REQUIREMENT: Output the lines from the top of the entries below to the line with "human: [s2_rgb_10]", both included, exactly and without pictures.

Data excerpts:

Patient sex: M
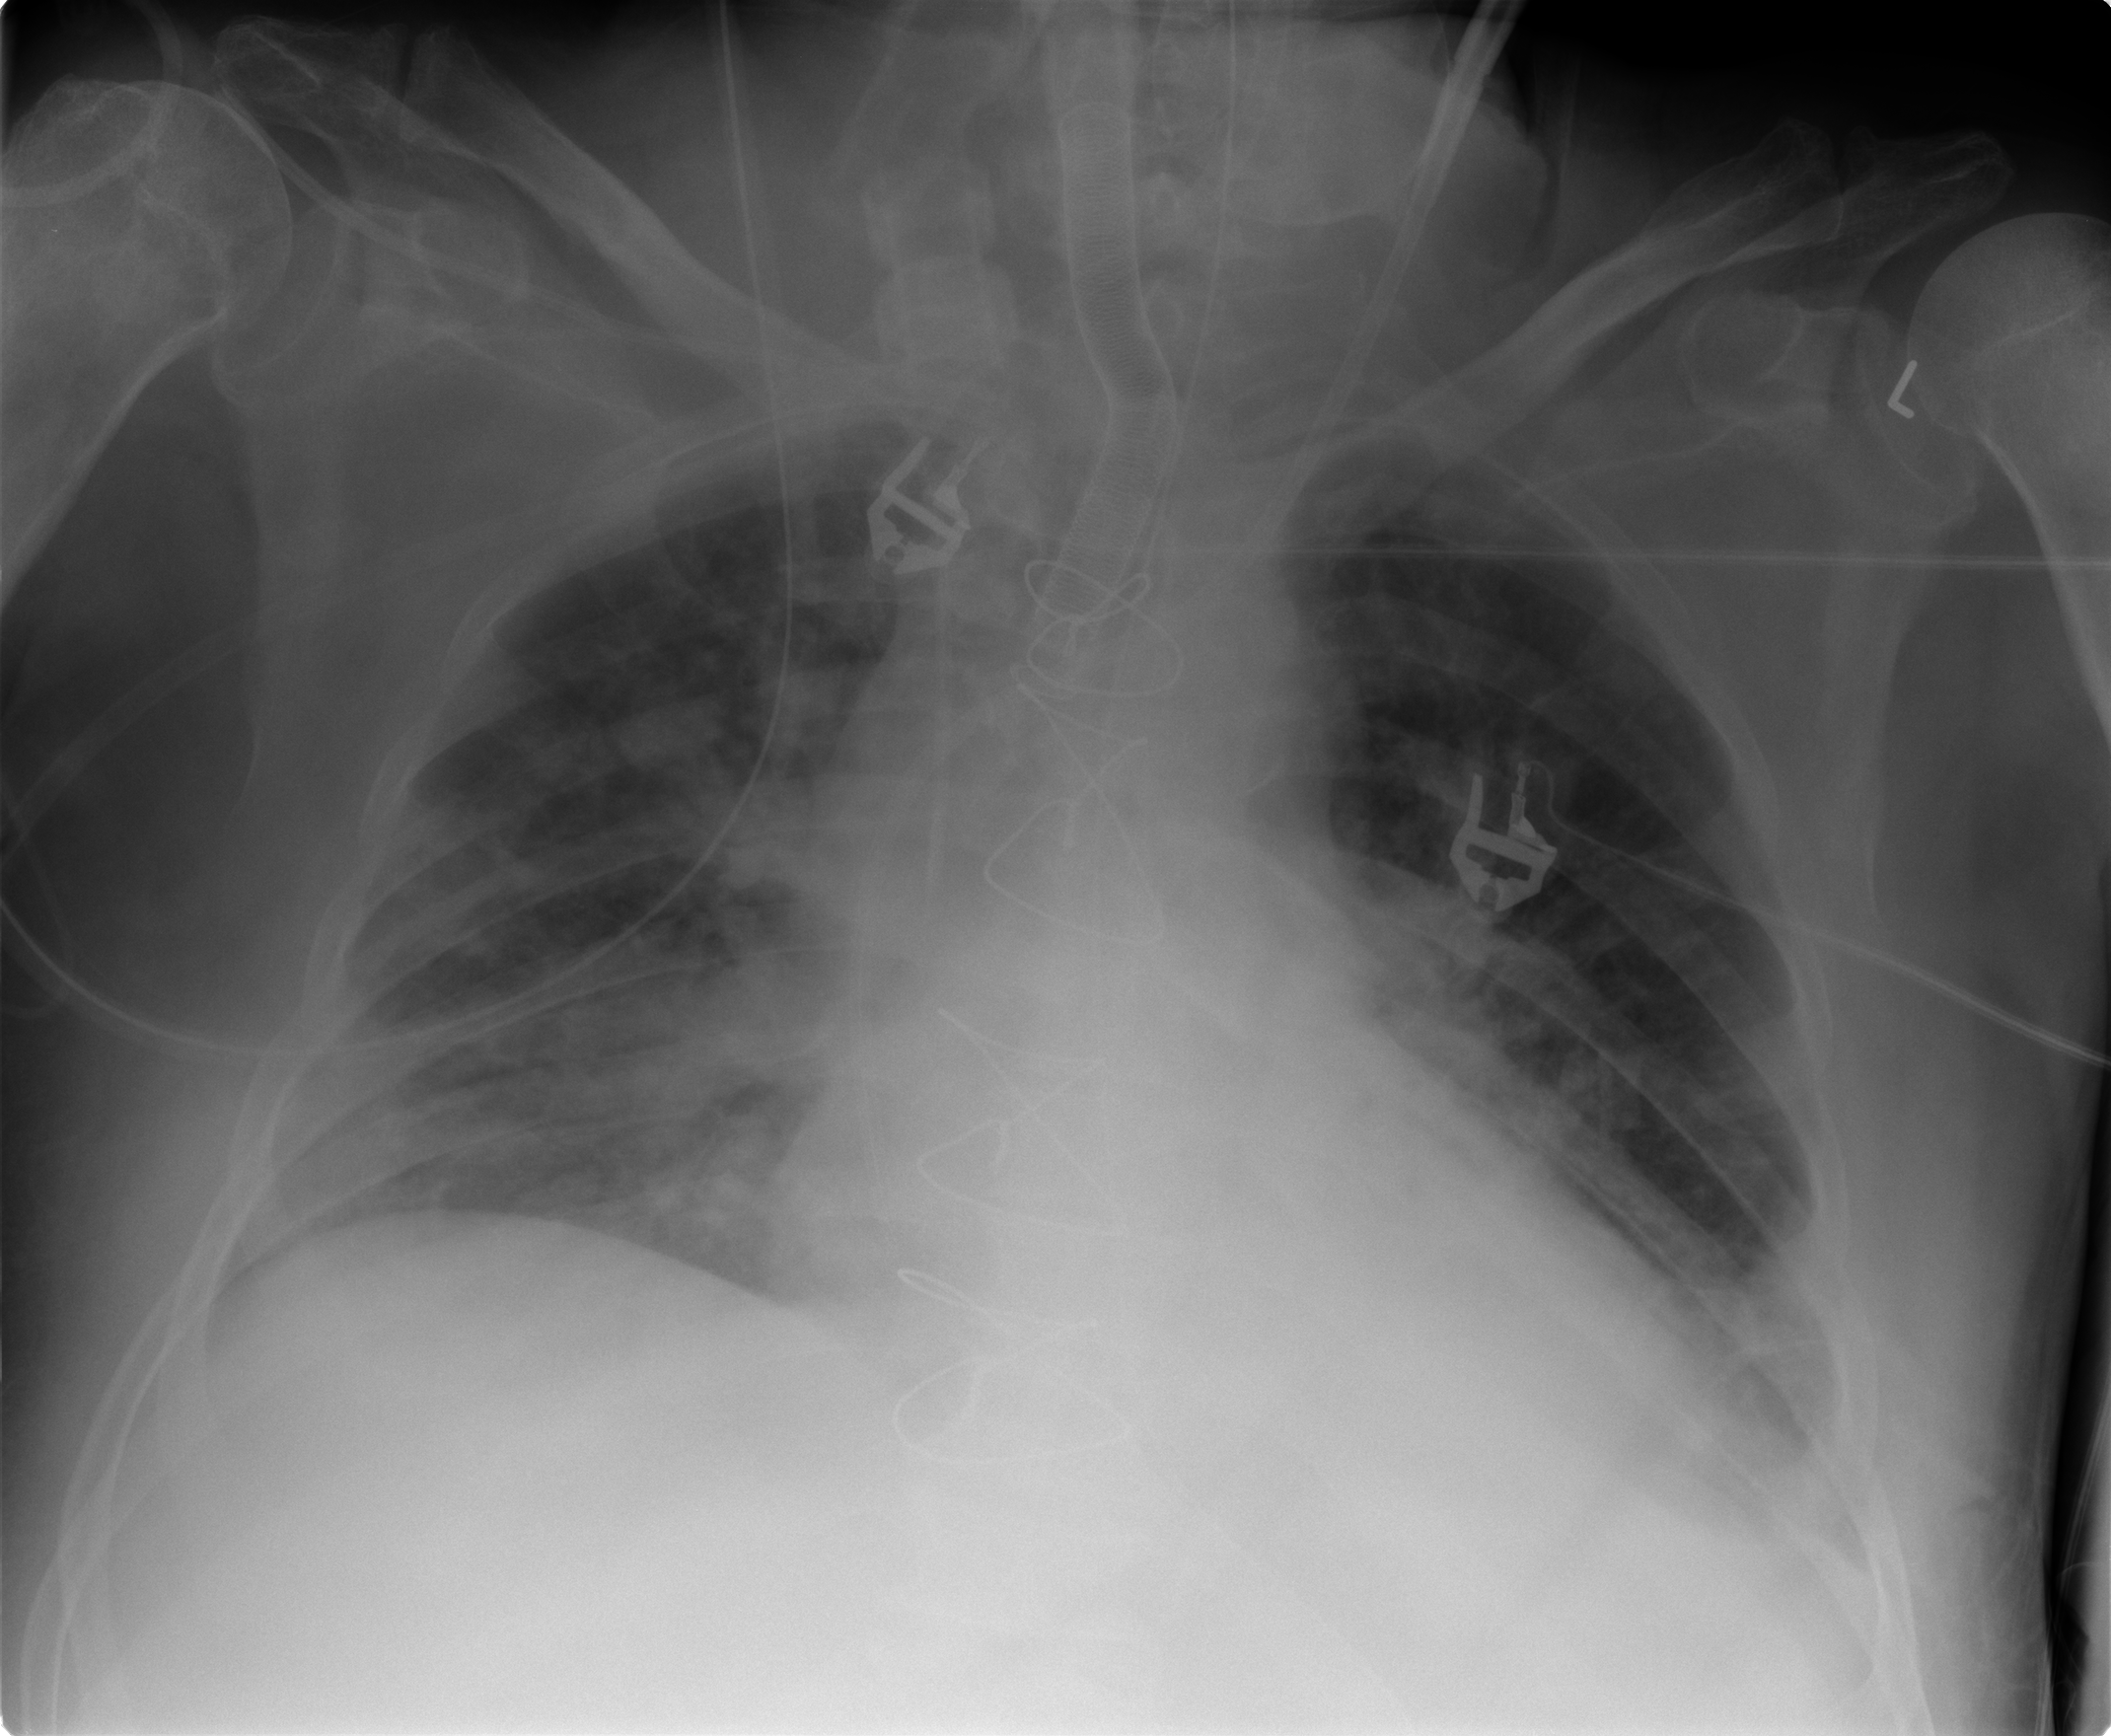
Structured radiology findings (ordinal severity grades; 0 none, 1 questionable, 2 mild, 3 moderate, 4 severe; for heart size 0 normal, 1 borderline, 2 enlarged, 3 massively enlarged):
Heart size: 2
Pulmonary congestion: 2
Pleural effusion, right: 0
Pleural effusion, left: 2
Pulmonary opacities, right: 3
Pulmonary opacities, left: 2
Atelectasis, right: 2
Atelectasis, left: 2
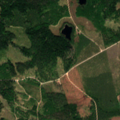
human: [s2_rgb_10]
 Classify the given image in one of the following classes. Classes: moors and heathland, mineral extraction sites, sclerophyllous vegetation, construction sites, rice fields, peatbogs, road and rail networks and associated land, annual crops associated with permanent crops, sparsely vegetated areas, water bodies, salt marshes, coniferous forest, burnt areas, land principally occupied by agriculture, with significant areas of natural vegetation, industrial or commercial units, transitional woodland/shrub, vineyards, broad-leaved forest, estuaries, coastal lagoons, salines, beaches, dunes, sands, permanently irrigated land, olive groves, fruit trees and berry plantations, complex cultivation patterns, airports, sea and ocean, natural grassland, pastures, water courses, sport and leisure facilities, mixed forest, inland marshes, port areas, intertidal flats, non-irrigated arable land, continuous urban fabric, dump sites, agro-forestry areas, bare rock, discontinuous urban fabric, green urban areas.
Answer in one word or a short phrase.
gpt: non-irrigated arable land, coniferous forest, mixed forest, transitional woodland/shrub
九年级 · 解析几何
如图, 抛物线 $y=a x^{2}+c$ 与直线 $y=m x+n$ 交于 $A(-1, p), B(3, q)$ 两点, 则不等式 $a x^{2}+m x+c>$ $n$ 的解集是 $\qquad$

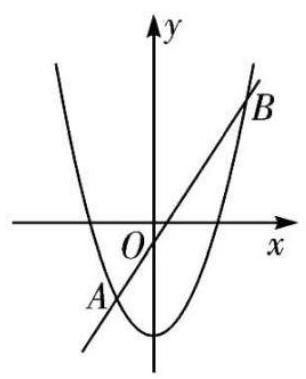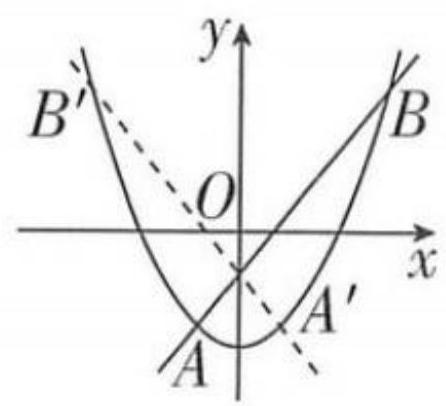
答案:  $x<-3$ 或 $x>1$

解析: 分别作点 $A(-1, p) 、 B(3, q)$ 关于 $y$ 轴的对称点 $A^{\prime}(1, p) 、 B^{\prime}(-3, q)$, 作直线 $A^{\prime} B^{\prime}$. $\because$ 直线 $A B$ 的表达式为 $y=m x+n, \therefore$ 直线 $A^{\prime} B^{\prime}$ 的表达式为 $y=-m x+n$.如图, 观察图像得当 $x<-3$ 或 $x>1$ 时, 拋物线 $y=a x^{2}+c$ 在直线 $y=-m x+n$ 的上方, $\therefore$ 不等式 $a x^{2}+c>-m x+n$ 的解集为 $x<-3$ 或 $x>1$,即不等式 $a x^{2}+m x+c>n$ 的解集为 $x<-3$ 或 $x>1$. 一次函数 $y=k x+b$ 的图像关于 $y$ 轴对称的图像的函数表达式为 $y=-k x+b$.
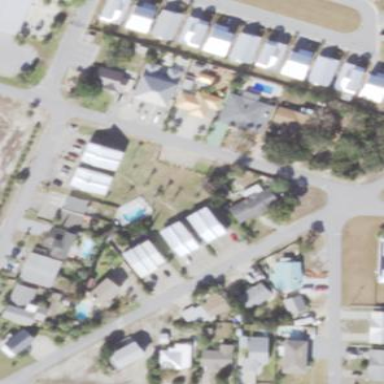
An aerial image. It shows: Residential area composed of single-family homes.
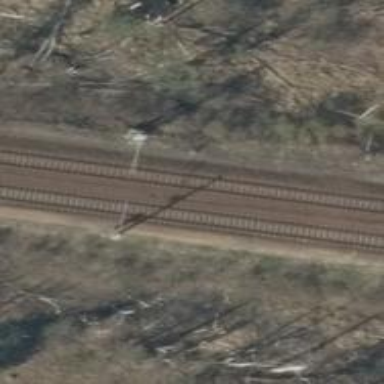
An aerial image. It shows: Solitary milestone along the railway.
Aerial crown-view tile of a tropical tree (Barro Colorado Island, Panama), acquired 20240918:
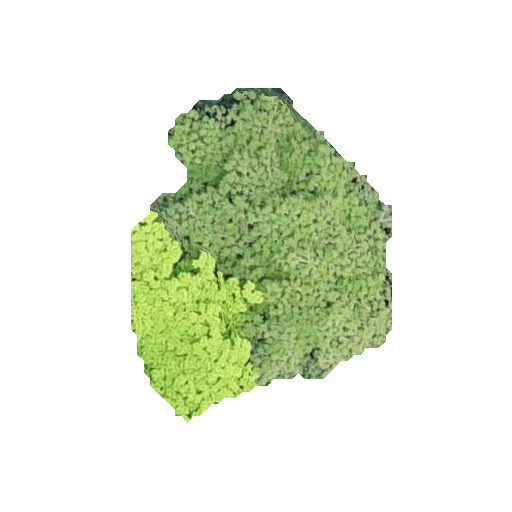
Species: Tachigali panamensis
GBIF accepted scientific name: Tachigali panamensis
Crown area: 96.918 m²
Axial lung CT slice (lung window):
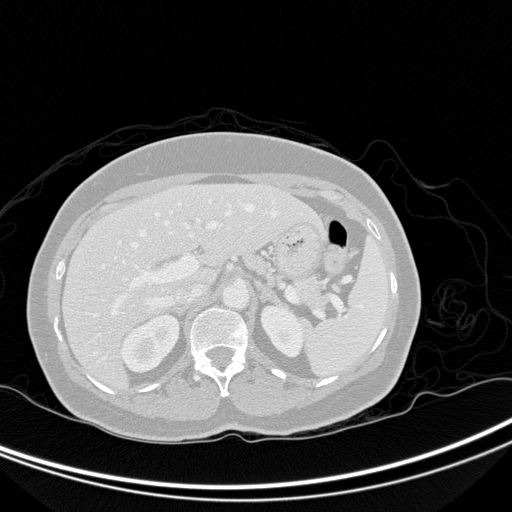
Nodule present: no
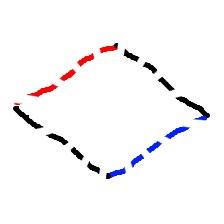
Shape: rhombus

ANSWER SECTION:
Patient sex: M
Structured radiology findings (ordinal severity grades; 0 none, 1 questionable, 2 mild, 3 moderate, 4 severe; for heart size 0 normal, 1 borderline, 2 enlarged, 3 massively enlarged):
Heart size: 2
Pulmonary congestion: 2
Pleural effusion, right: 0
Pleural effusion, left: 2
Pulmonary opacities, right: 3
Pulmonary opacities, left: 2
Atelectasis, right: 2
Atelectasis, left: 2
human: [s2_rgb_10]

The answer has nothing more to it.